=== Dataset records ===
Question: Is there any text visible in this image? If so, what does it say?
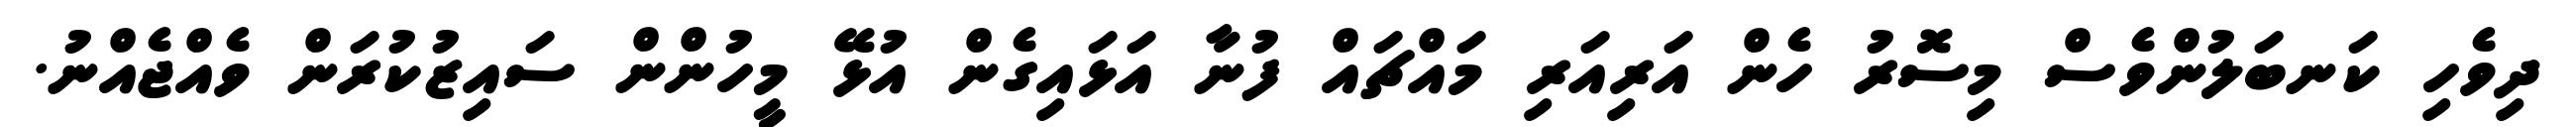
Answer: ދިވެހި ކަނބަލުންވެސް މިސޮރު ހެން އަރިއަރި މައްޗައް ފުނާ އަޅައިގެން އުޅޭ މީހުންން ސައިޒުކުރަން ވެއްޖެއްނު.
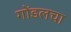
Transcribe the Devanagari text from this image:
गोंडलचा
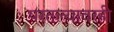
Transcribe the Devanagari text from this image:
परतल्यावरही
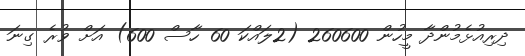
ދިރިއުޅެމުންދާ މީހުން 260600 (2ލައްކަ 60 ހާސް 600) އަށް ވުރެ ގިނަ
===
Problem to work on ▸ From the line that contains "Answer: ދިވެހި ކަނބަލުންވެސް" down to the final line of the entries above, please copy each line exactly, excluding pictures.

Exercise response ▸
Answer: ދިވެހި ކަނބަލުންވެސް މިސޮރު ހެން އަރިއަރި މައްޗައް ފުނާ އަޅައިގެން އުޅޭ މީހުންން ސައިޒުކުރަން ވެއްޖެއްނު.
Transcribe the Devanagari text from this image:
गोंडलचा
Transcribe the Devanagari text from this image:
परतल्यावरही
ދިރިއުޅެމުންދާ މީހުން 260600 (2ލައްކަ 60 ހާސް 600) އަށް ވުރެ ގިނަ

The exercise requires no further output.